El punto central de estas reuniones, eran los
recuerdos de nuestro pueblo, los de menos edad,
escuchaban con mucha atención, las vivencias de los
mayores, y viceversa, las dos palabras más
repetidas eran: “se acuerdan, o te acuerdas”, de
esto o de aquello; los recuerdos afloraban por arte
de magia, en la mente de todos, y cada uno aportaba,
con el que más grabado estuviera en su memoria;
recordábamos
por ejemplo: las retretas en el parque, con
la banda municipal, los serenos que los enamorados
llevaban a las muchachas, las fiestas de San
Pedro, de los años cincuenta y parte de los
sesenta, con los grandes toreros aficionados, que
nos hacían gozar a cabalidad de la fiesta brava,
eran valientes y decididos, que se daban por entero
a su arte, entre los que se han quedado grabados en
la memoria son: Alejandro
y Aquiles Ortiz, Carlos Manrique, Carlin
Fajardo, Chuchuta, y muy poco después, Guarro
Vallejo y Carlos Fiallo, que son los que más nos
impactaron, a los que vivimos en el Alausí de
aquella época.
Aunque,
para algunos de estos primeros inmigrantes alauseños,
los años escolares estaban bastante lejanos, entre
todos, recordábamos los paseos a Sinancumbe, a la
Primavera, a la planta de luz, y los más cortos que
eran a Chiripungo; recordábamos, que para ellos,
nos preparaban canastos con frutas y emparedados de
queso y mortadela, los que a veces, se empezaban a
consumir desde la noche anterior, ya que, por el
nerviosismo y la expectativa no podíamos conciliar
el sueño.
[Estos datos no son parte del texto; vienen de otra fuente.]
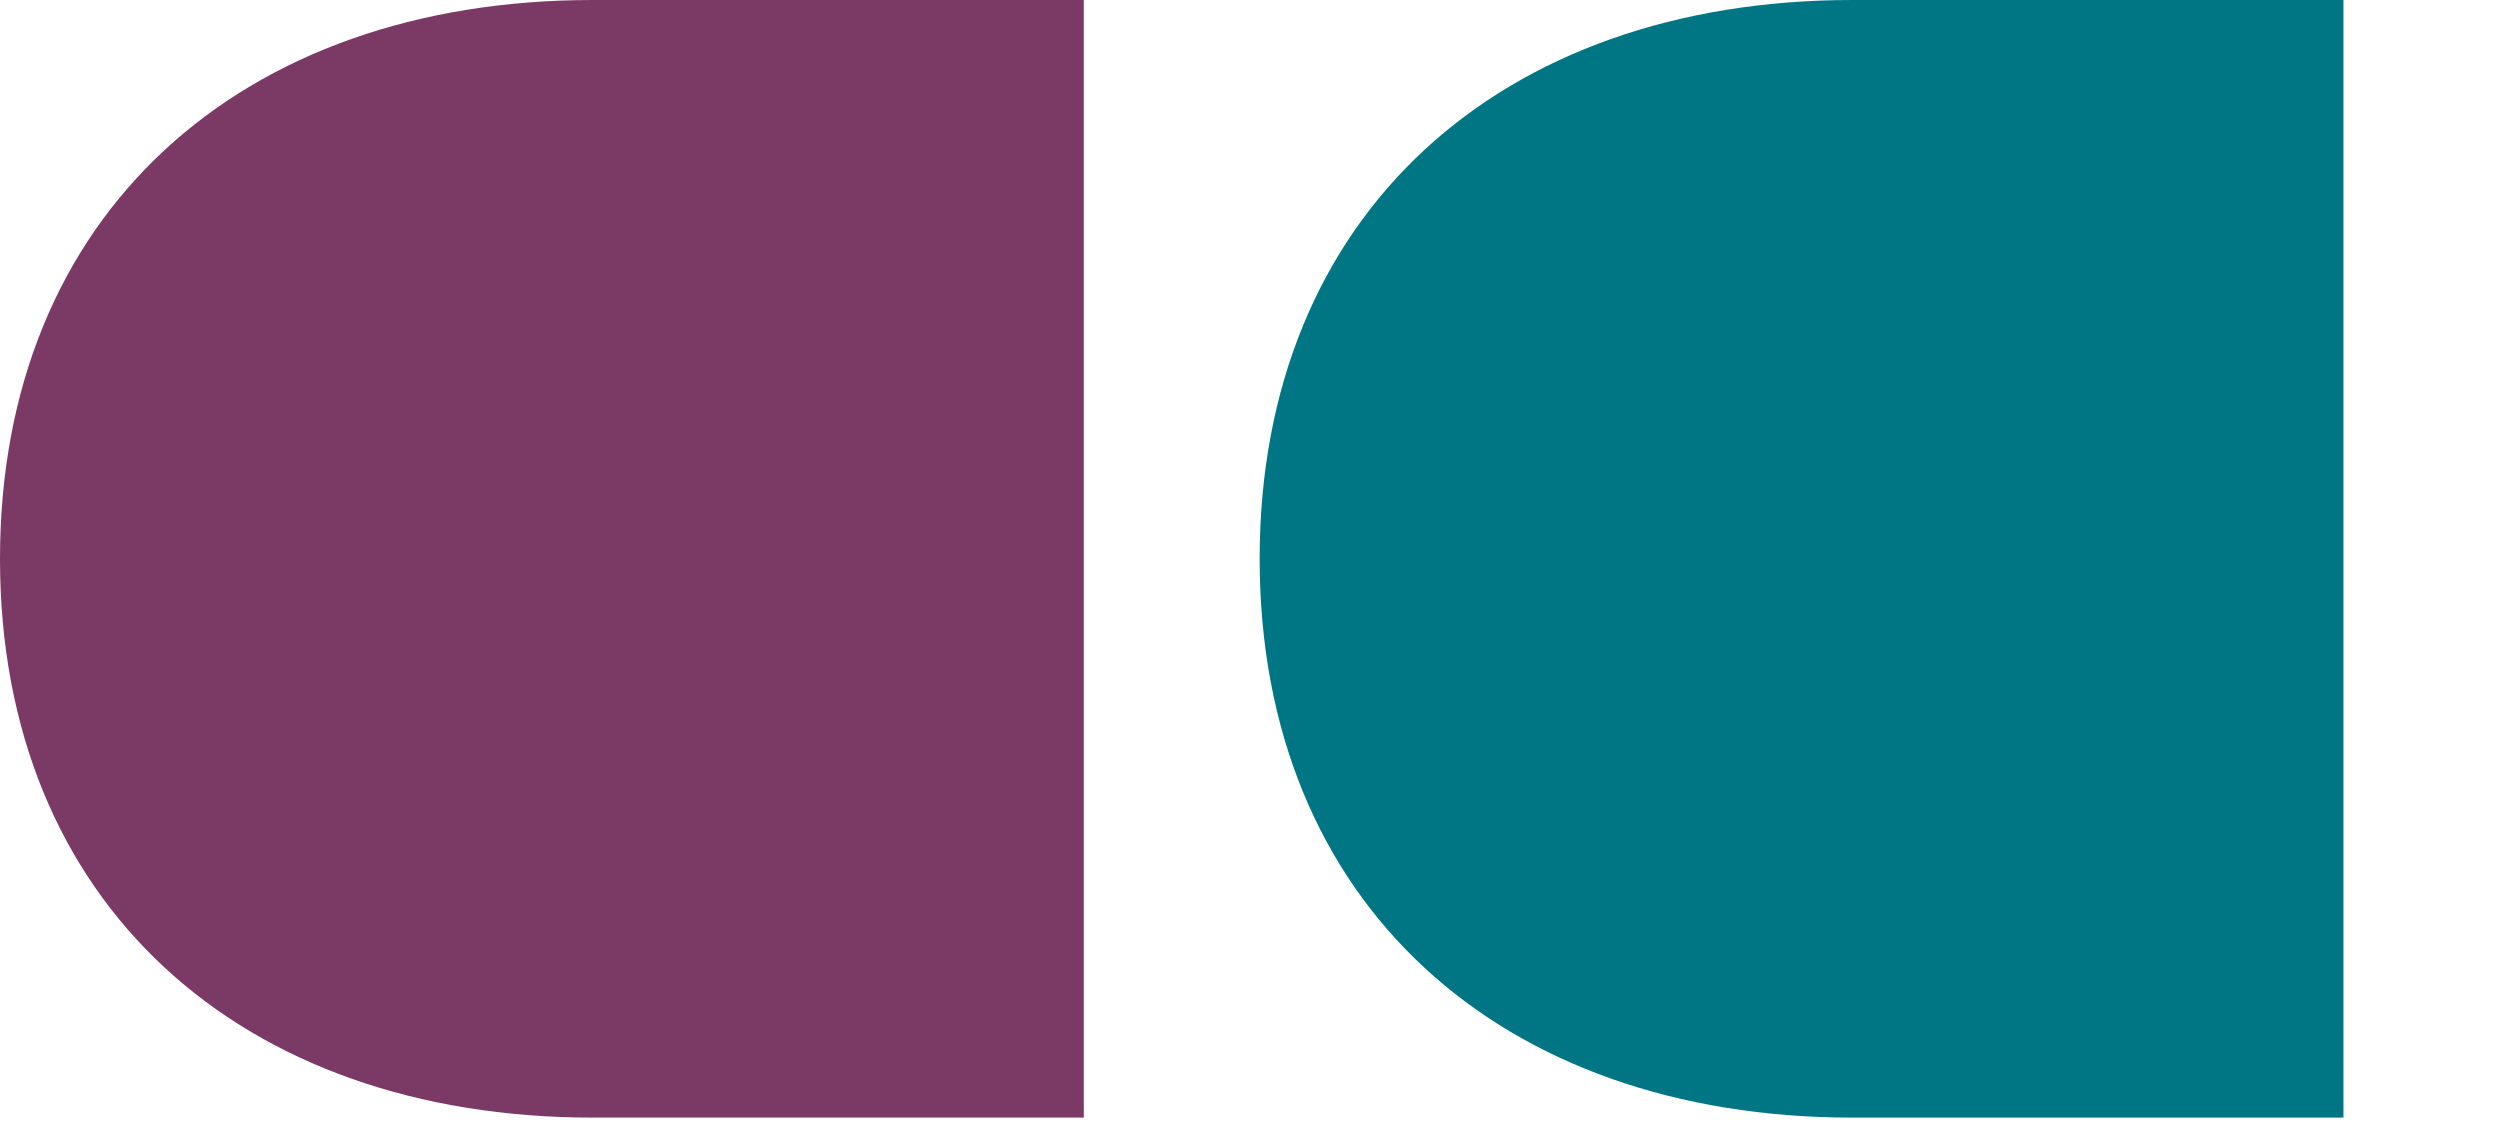 <?xml version="1.0" encoding="UTF-8"?> <svg xmlns="http://www.w3.org/2000/svg" xmlns:xlink="http://www.w3.org/1999/xlink" version="1.1" id="Vrstva_1" x="0px" y="0px" viewBox="0 0 88 40" style="enable-background:new 0 0 88 40;" xml:space="preserve"> <style type="text/css"> .st0{fill:#7B3966;} .st1{fill:#007583;} </style> <g> <path class="st0" d="M20.87,39.34h17.28V0H20.87C8.47,0,0,7.55,0,19.67S8.47,39.34,20.87,39.34"></path> <path class="st1" d="M65.21,39.34h17.28V0H65.21c-12.4,0-20.87,7.55-20.87,19.67S52.81,39.34,65.21,39.34"></path> </g> </svg>

Al llegar al quinto y sexto grado, ya los
paseos eran más largos, como a las Minas de Azufre,
a Huigra, a la Moya, a la Nariz del Diablo etc.; los
hombres, también recordaban los castigos que les
había propinado el Sr. Narváez, si habían ido a
la “Trece de Noviembre”, o al “Pensionado
Alausí”, y los del Sr. Arellano, si habían ido a
la “Manuel Maria Sánchez”; las mujeres, casi
nunca reconocíamos haber recibido alguna clase de
castigo, sea que hubiésemos estado, en uno de los
dos colegios religiosos, o en la “Inés Jiménez”.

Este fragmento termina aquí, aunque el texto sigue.